Extracted entries section start
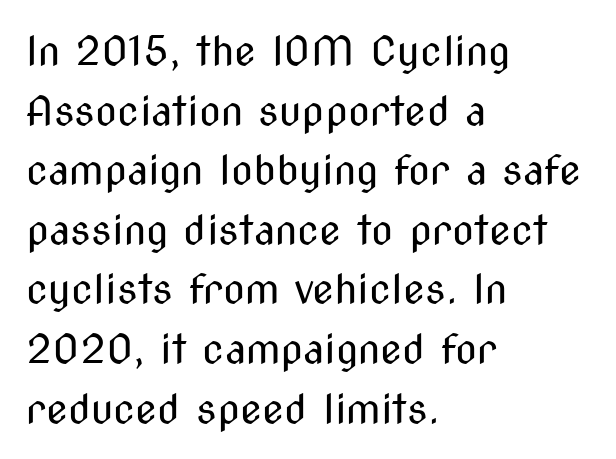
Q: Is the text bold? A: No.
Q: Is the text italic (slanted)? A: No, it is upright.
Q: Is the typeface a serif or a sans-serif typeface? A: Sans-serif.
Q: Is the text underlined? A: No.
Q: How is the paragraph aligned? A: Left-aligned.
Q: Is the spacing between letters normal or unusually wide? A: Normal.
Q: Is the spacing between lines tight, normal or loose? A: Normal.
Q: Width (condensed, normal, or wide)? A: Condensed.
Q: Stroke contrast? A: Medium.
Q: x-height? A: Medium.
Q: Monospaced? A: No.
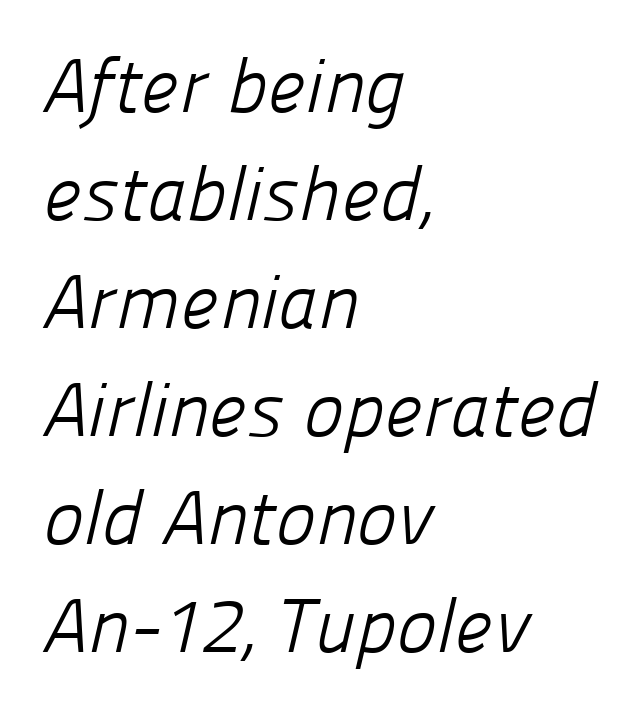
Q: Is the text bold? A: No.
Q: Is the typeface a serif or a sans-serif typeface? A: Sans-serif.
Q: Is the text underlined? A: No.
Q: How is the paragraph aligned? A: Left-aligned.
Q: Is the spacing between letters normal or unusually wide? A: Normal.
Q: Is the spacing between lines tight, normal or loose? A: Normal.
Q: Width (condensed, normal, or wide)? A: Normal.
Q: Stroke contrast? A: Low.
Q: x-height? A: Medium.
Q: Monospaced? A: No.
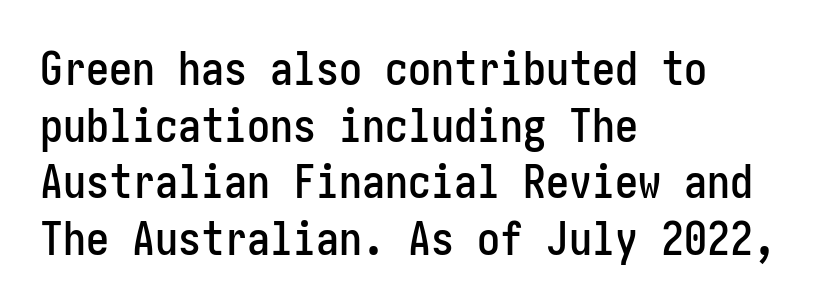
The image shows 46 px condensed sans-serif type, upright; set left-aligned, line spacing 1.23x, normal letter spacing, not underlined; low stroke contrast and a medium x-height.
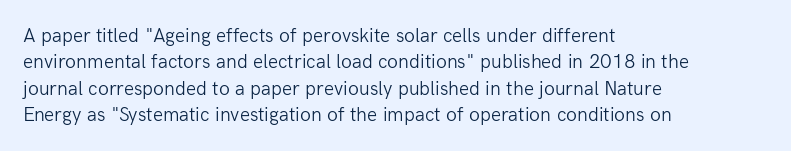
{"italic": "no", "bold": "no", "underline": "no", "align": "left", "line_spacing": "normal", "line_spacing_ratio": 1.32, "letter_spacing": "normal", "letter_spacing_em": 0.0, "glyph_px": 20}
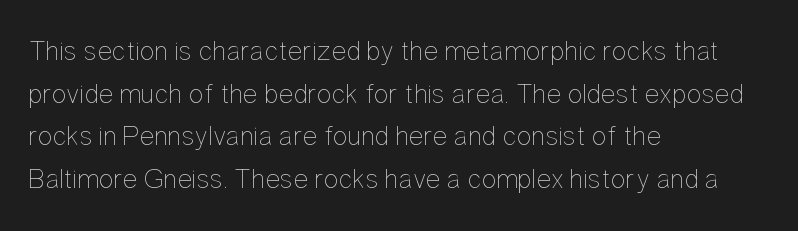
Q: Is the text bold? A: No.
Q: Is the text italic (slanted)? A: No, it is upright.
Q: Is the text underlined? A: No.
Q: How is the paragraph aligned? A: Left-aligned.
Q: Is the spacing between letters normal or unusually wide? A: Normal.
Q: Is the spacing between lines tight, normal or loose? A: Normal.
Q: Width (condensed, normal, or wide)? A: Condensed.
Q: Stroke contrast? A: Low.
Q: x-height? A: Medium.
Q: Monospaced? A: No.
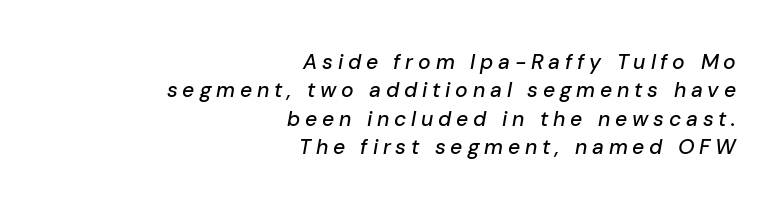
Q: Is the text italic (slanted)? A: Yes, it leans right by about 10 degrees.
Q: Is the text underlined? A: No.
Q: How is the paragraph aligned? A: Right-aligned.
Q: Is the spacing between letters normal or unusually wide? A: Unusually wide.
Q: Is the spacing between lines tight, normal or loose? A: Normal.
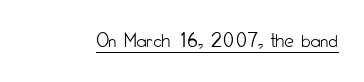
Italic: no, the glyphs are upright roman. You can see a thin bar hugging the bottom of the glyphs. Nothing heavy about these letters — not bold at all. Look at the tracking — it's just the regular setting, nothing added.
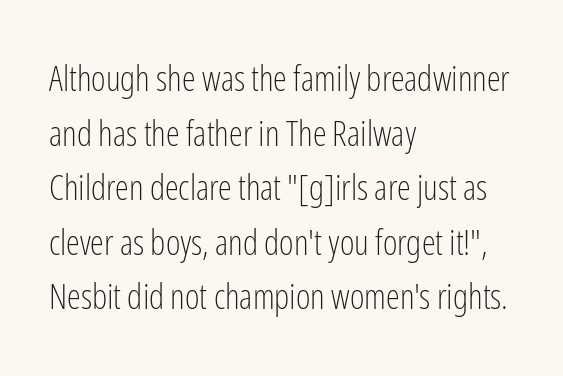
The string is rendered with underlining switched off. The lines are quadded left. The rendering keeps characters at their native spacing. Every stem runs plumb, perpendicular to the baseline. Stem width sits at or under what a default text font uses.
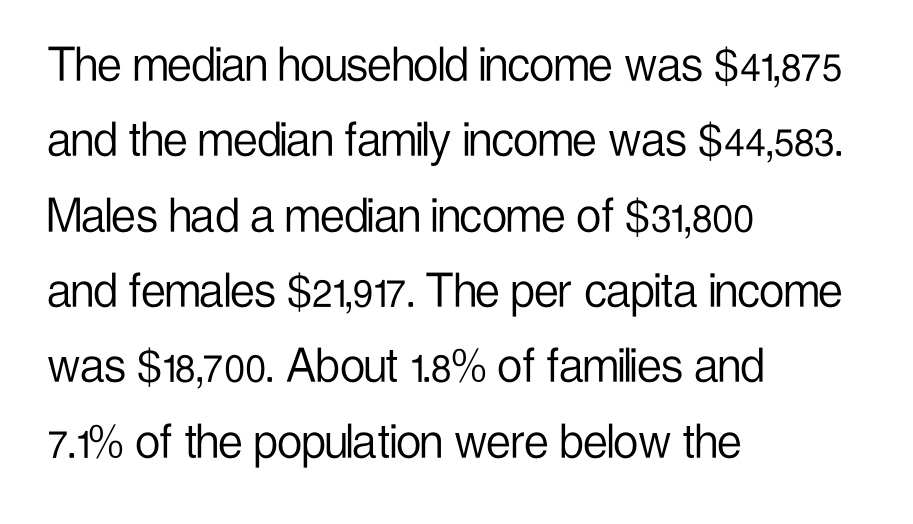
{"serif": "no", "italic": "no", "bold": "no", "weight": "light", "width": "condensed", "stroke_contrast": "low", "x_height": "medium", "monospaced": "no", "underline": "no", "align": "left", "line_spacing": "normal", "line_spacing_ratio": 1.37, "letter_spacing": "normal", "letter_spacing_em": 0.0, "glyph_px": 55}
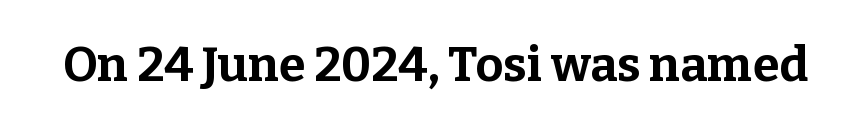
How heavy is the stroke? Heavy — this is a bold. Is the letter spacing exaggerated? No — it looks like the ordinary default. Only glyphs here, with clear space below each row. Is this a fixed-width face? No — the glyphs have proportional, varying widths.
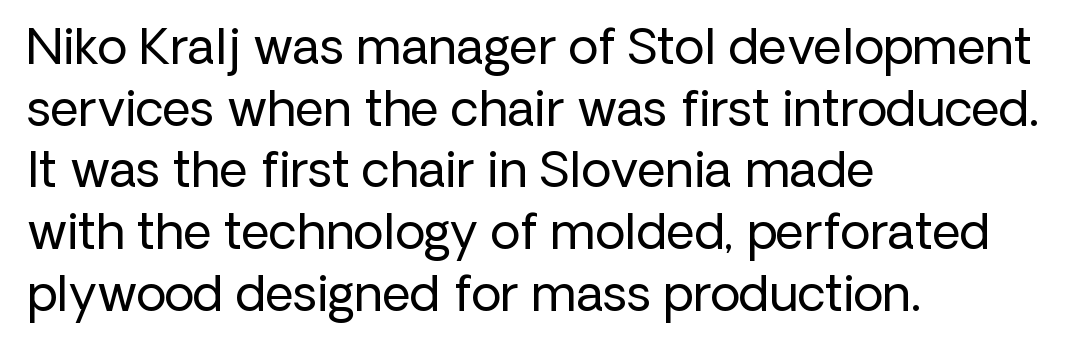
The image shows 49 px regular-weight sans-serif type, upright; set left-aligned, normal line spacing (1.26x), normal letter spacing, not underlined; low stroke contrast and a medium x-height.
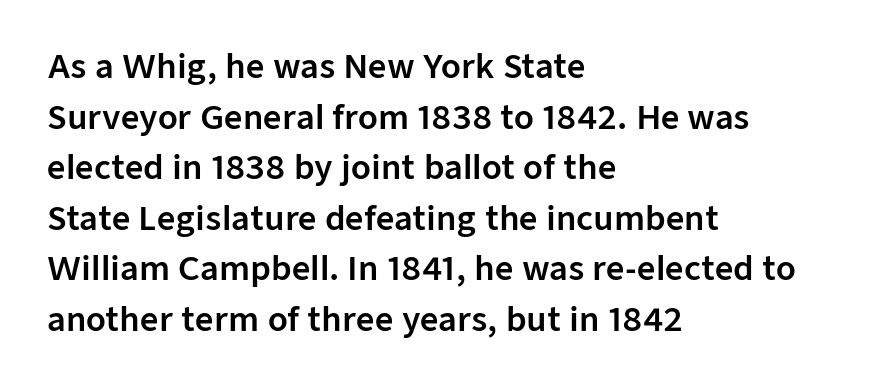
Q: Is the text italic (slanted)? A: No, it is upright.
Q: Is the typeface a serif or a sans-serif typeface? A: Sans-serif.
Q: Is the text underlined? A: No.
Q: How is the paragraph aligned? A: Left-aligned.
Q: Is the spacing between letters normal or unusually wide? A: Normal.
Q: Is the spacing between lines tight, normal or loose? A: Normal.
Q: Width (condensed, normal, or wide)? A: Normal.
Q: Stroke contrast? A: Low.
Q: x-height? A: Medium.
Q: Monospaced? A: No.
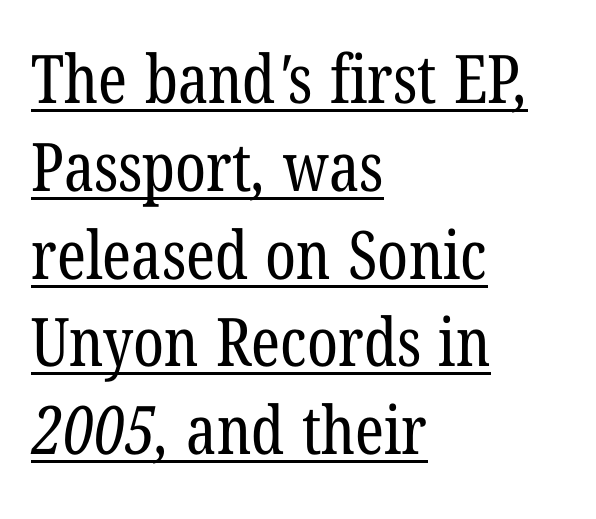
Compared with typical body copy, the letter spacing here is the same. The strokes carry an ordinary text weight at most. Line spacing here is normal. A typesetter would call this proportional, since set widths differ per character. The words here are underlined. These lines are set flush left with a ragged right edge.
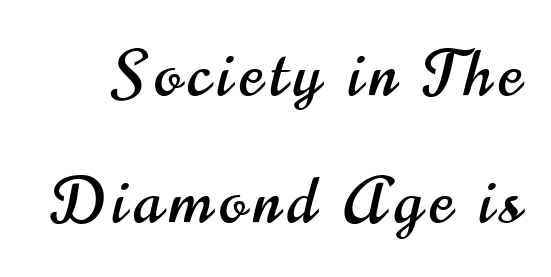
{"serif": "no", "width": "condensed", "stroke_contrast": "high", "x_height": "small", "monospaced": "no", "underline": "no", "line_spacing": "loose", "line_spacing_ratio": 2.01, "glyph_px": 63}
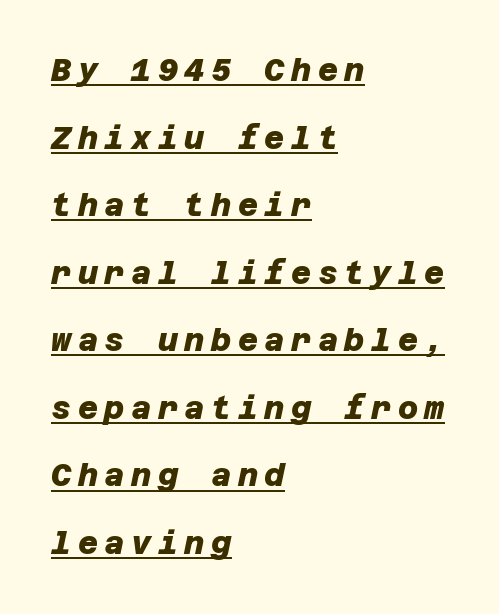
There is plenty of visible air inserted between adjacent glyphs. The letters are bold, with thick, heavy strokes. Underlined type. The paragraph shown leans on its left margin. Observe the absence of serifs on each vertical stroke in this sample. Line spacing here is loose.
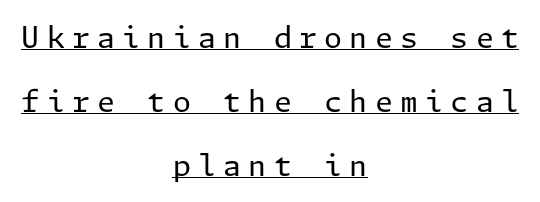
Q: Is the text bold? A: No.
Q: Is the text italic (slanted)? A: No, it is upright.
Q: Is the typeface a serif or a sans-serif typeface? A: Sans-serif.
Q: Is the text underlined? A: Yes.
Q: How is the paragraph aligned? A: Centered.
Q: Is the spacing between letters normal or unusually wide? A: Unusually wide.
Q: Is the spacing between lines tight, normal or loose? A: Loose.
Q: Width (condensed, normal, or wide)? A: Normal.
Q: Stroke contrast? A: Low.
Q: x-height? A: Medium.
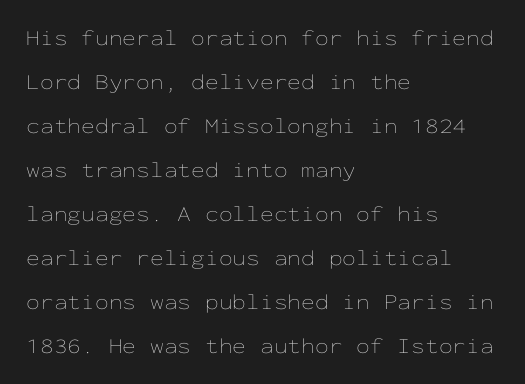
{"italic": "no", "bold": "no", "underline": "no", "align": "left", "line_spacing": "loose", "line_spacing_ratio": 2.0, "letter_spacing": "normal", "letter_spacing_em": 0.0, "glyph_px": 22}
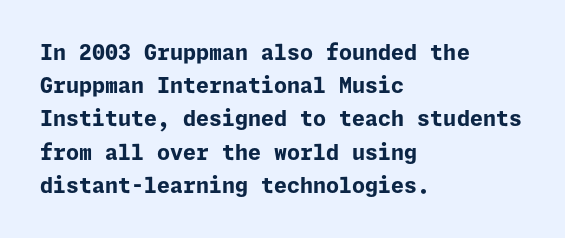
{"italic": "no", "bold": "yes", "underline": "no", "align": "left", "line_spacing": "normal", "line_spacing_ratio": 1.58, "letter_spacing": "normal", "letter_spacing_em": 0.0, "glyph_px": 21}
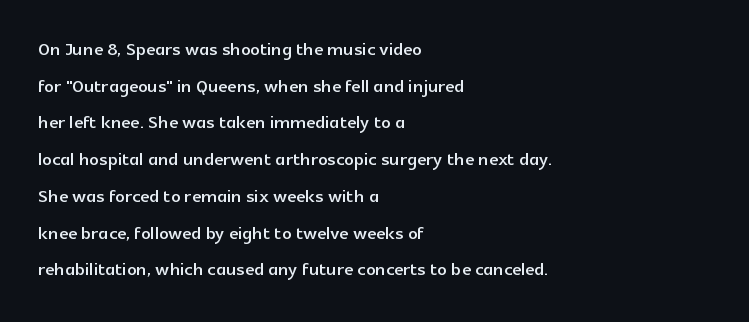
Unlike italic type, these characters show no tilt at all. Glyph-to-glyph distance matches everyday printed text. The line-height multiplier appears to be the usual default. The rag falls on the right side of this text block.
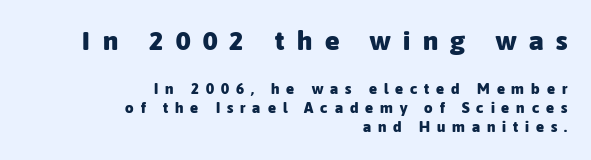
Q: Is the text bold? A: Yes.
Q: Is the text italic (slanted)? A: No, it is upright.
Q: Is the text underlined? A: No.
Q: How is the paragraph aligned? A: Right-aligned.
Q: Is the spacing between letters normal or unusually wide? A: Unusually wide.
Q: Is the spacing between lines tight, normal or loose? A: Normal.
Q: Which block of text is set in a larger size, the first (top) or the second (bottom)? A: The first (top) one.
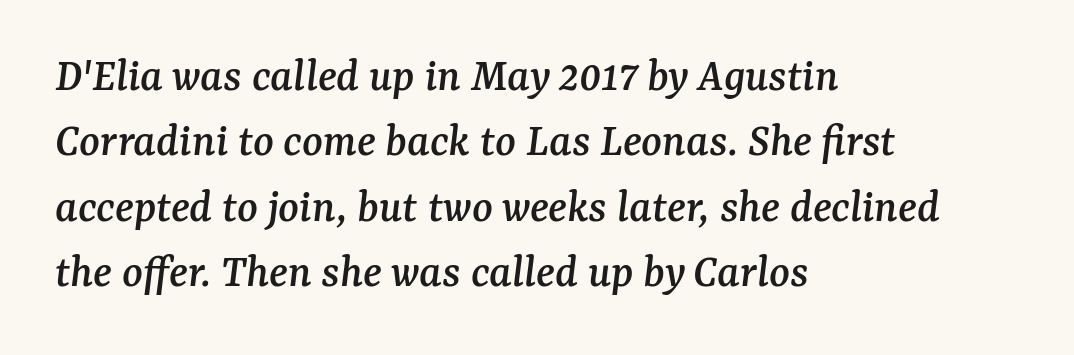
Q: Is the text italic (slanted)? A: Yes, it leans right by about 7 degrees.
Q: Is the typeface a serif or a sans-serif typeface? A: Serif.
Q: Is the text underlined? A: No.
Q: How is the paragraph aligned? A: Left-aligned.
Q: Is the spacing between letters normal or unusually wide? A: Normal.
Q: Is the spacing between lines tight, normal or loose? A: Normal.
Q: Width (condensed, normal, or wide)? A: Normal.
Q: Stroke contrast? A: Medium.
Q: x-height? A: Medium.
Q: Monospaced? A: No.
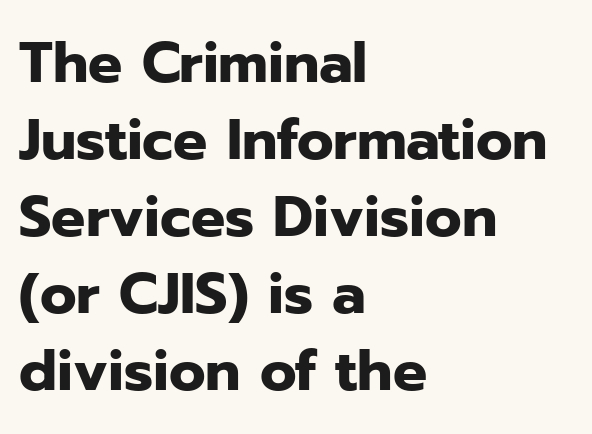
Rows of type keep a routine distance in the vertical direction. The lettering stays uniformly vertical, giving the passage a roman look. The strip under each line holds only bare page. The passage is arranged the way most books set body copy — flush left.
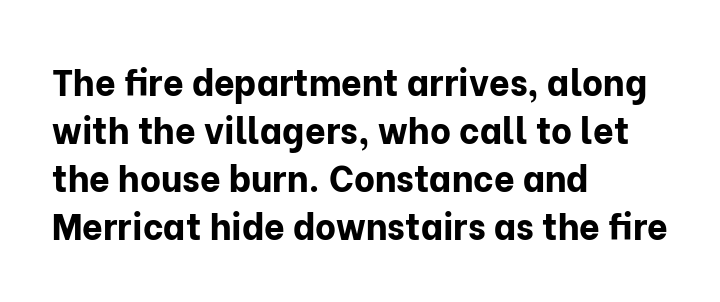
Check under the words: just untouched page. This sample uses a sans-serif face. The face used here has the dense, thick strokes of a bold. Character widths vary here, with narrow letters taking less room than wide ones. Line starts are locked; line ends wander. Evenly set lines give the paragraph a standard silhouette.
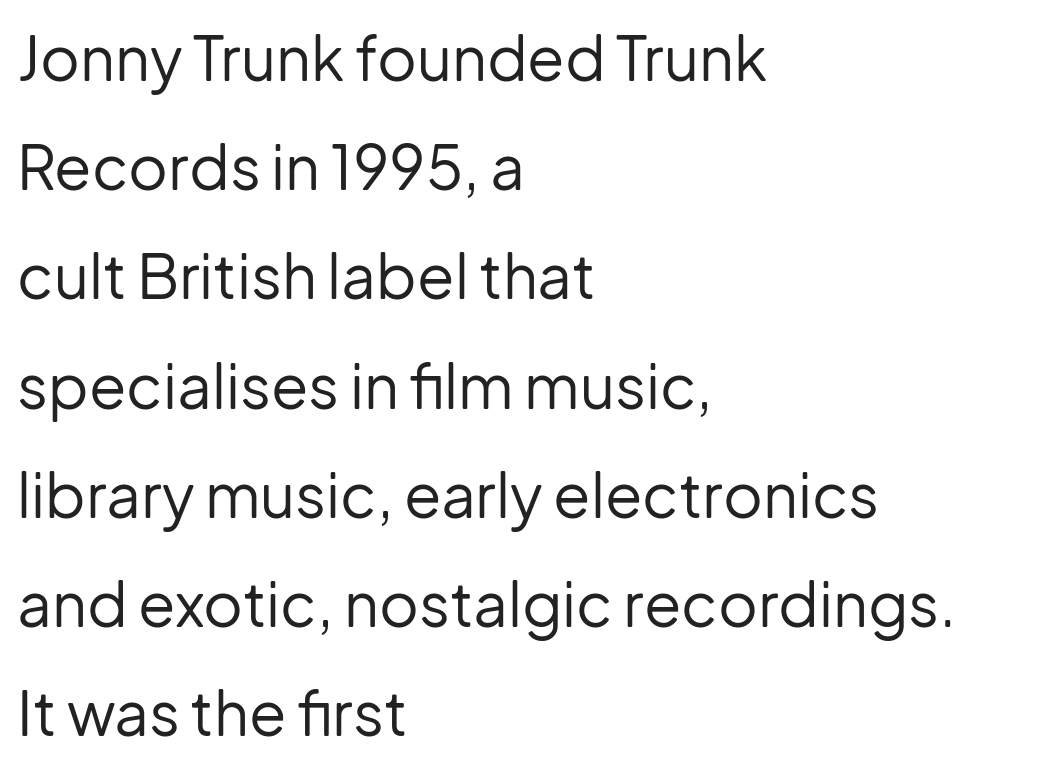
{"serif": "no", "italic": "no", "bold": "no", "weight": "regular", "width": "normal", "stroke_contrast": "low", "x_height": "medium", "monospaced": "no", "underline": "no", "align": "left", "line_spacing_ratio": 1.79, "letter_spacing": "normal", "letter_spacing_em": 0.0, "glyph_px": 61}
Extracted entries section end
Find the lines above holding the word "degrees" and show them.

Q: Is the text italic (slanted)? A: Yes, it leans right by about 10 degrees.
Q: Is the text italic (slanted)? A: Yes, it leans right by about 7 degrees.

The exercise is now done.